The casino coronavirus closure has ended. Cards are being dealt, dice are rolling and slot machines flashed and jingled for the first customers who started gambling again in Las Vegas and throughout Nevada.
“The past few months have presented our city with an unprecedented challenge,” said Derek Stevens, owner of two downtown Las Vegas casinos that were shuttered along with all gambling establishments in the state 79 days ago. “We are excited to get our employees back to work and to welcome guests to the entertainment capital of the world.”

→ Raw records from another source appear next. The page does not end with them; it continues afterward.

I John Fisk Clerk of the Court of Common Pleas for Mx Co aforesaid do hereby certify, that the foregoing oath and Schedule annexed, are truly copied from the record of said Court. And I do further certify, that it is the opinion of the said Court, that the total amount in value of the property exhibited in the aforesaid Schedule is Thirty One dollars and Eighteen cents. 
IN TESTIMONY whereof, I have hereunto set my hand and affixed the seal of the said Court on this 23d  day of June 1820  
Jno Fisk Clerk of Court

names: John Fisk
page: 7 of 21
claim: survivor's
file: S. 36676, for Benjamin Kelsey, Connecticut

Hotel-casinos in suburban Las Vegas were the first to open at 12:01 a.m., to be followed later in the morning by a restart of the iconic Bellagio fountain and reopenings of several resorts on the Las Vegas Strip.
There are big hopes for recovery from an unprecedented and expensive shutdown prompted by the coronavirus pandemic.

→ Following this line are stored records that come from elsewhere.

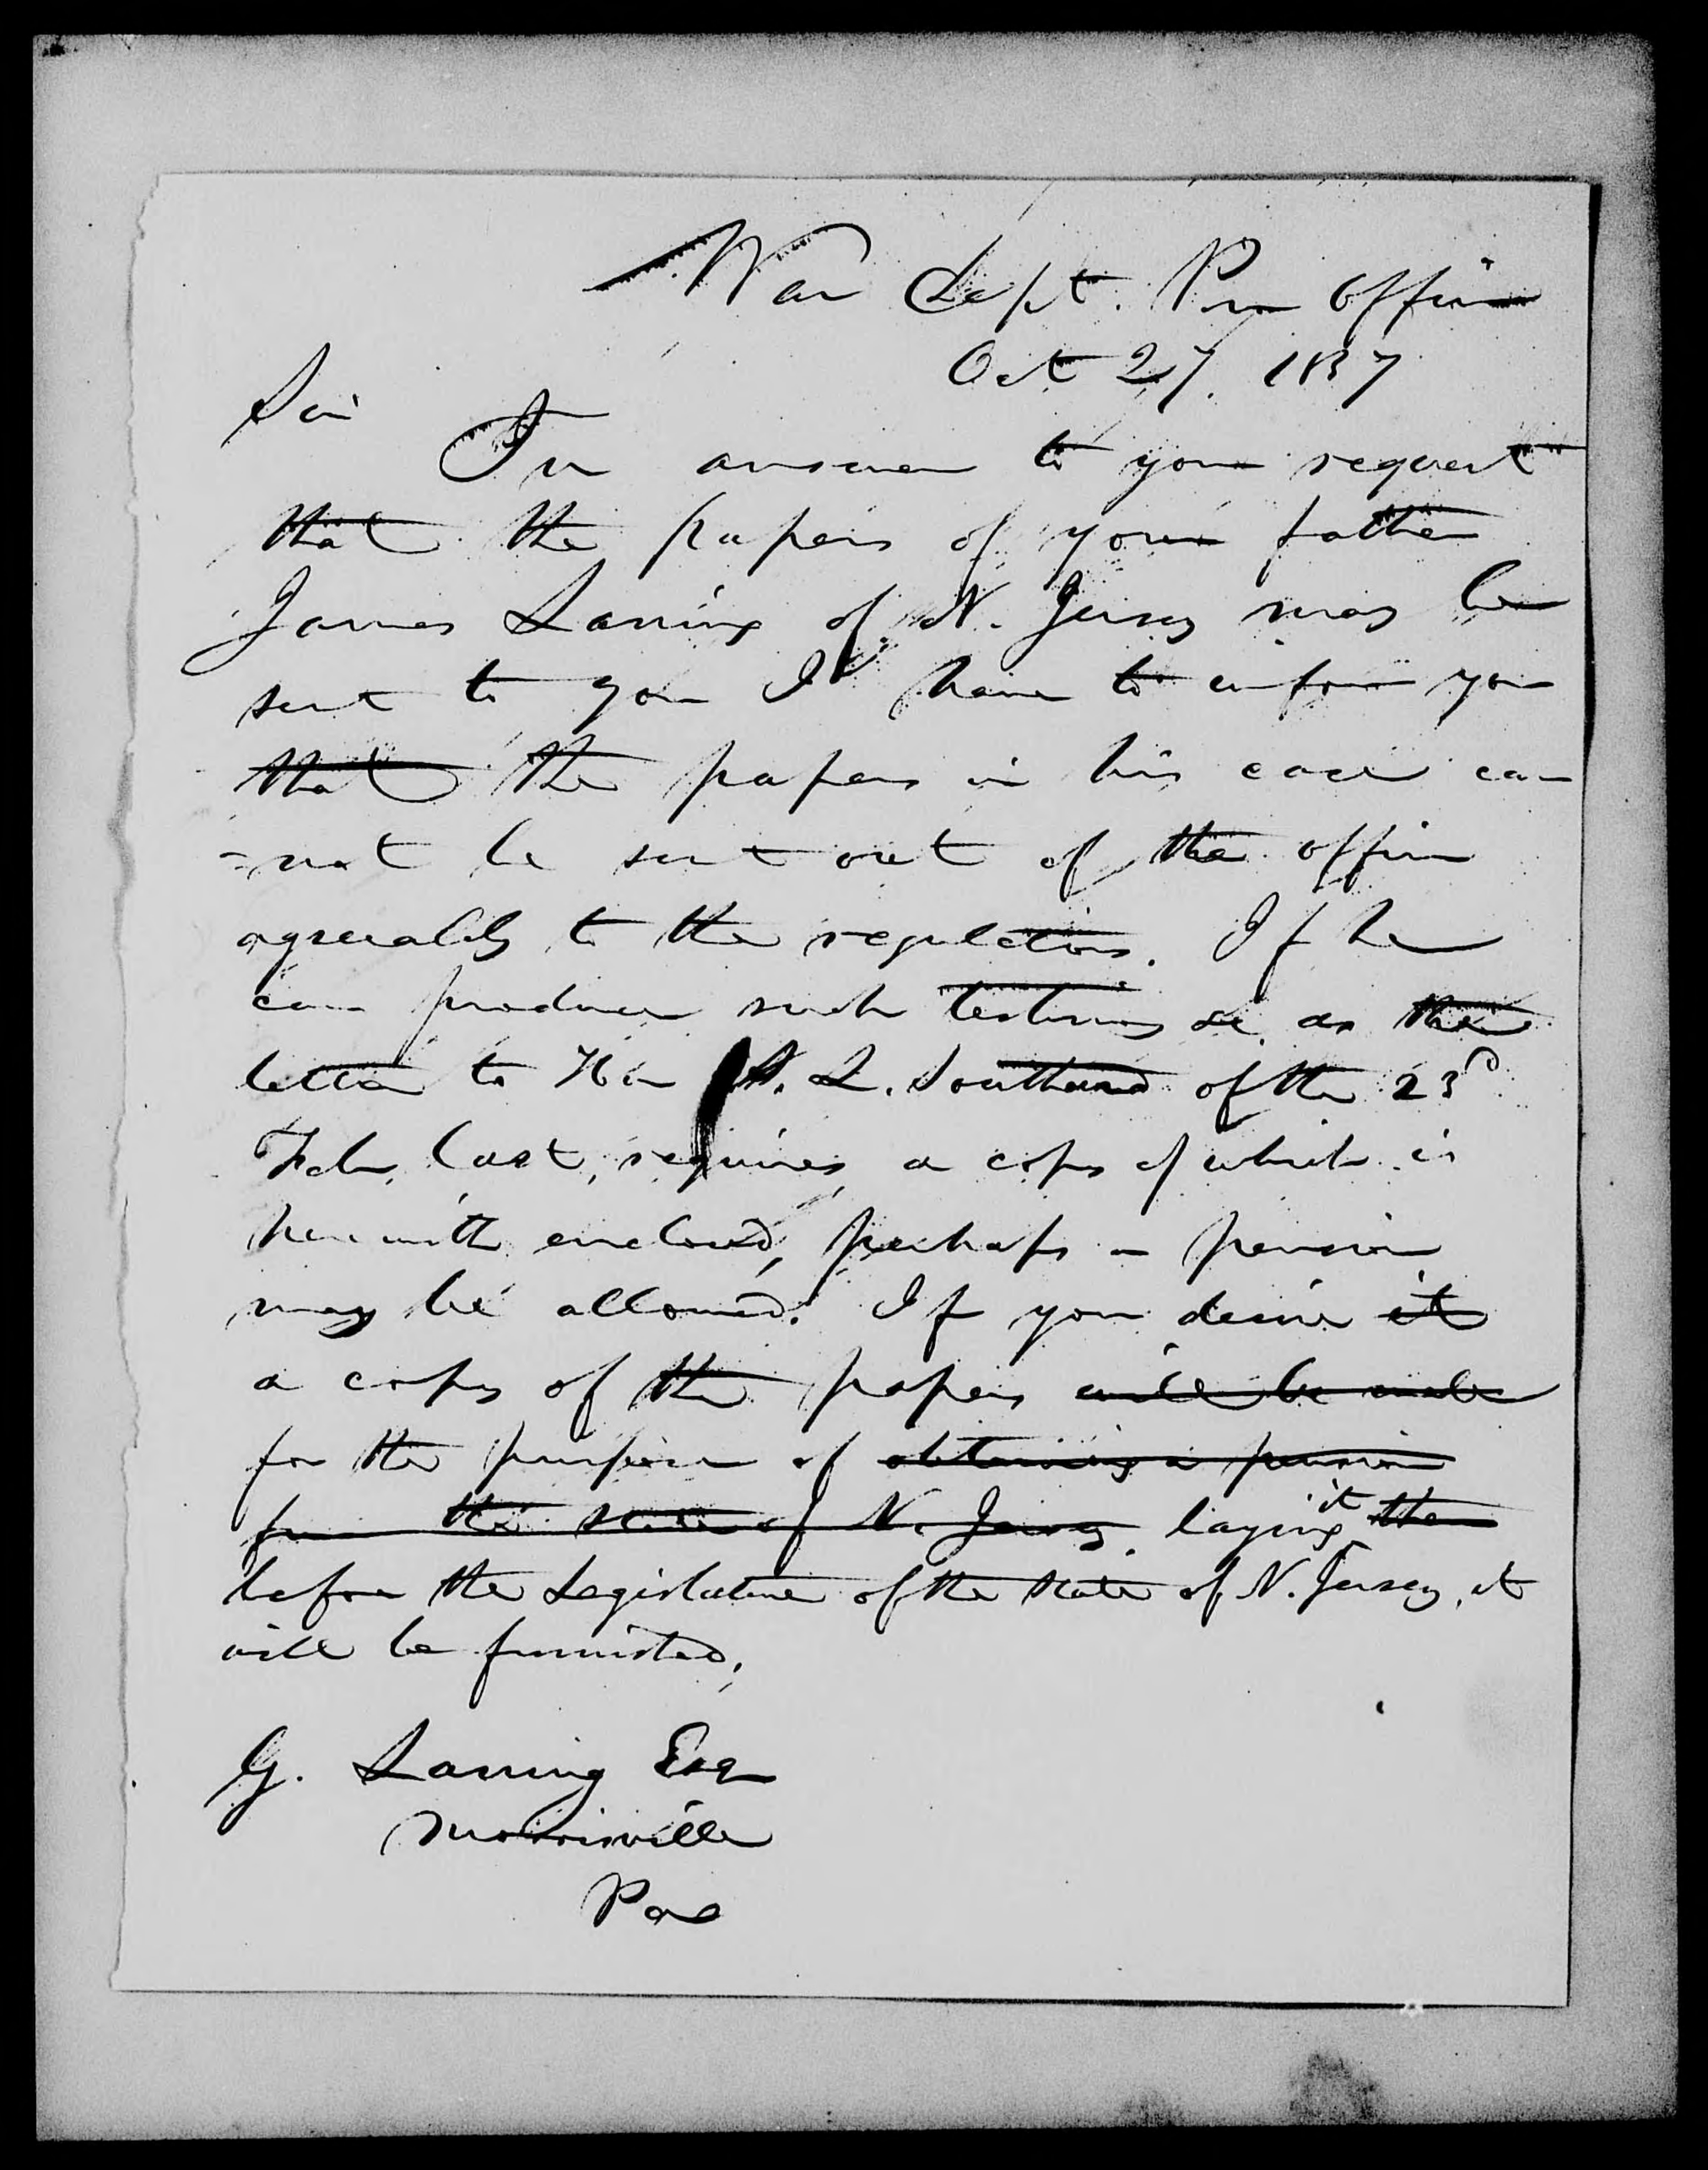War dept. Pen Office
Oct 27, 1837

Sir
In answer to your request that the papers of your father James Laning of N. Jersey may be sent to you I have to inform you that the papers in his case cannot be sent out of the office agreeably to the regulations. If he can produce such testimony &c. do the letter to War Dt. L. Southard of the 23d. Feb. last, requires a copy of which is therewith enclosed, perhaps - [illegible] may be allowed. If you desire a copy of the papers for the purpose of laying it before the Legislature of the State of N. Jersey, it will be permitted.
Gl Laning Esqr
Morrisville
Pa

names: S L Southard; G Laning; James Laning
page: 18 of 39
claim: rejected
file: R. 6154, for James Laning, New Jersey

Casino resorts that had been famously always open were shuttered March 17 after Gov. Steve Sisolak’s emergency order closed nonessential businesses to prevent the spread of COVID-19.
Property owners, state regulators and Sisolak, a Democrat who has been criticized for the closure, balanced health concerns against the loss of billions of dollars a month in gambling revenue and unemployment that topped 28 percent during an idled April.
They’re betting that safety measures — disinfected dice, hand sanitizer and face masks; limited numbers of players at tables; temperature checks at entrances to some resorts; touchless cellphone check-ins — will lure tourists back.
The biggest casino operators, MGM Resorts and Caesars Entertainment, won’t immediately open all their Strip properties. Executives said they want to see how many people show up.
The first to arrive were expected to be area residents, then motorists from nearby US states followed by air travelers.
“The market still relies heavily on air traffic, and the longer stays in Vegas are usually tied to mass social gatherings, including conventions … concerts and fights, all of which may take longer to recover,” UBS analyst Robin Farley said.
Convention halls, nightclubs, swimming pool parties and arena spectacles will remain mostly dark.
“It may be a little different,” MGM Resorts International chief executive Bill Hornbuckle said during a recent walk-through of the Bellagio casino floor. “But I think it will be memorable, personable and special.”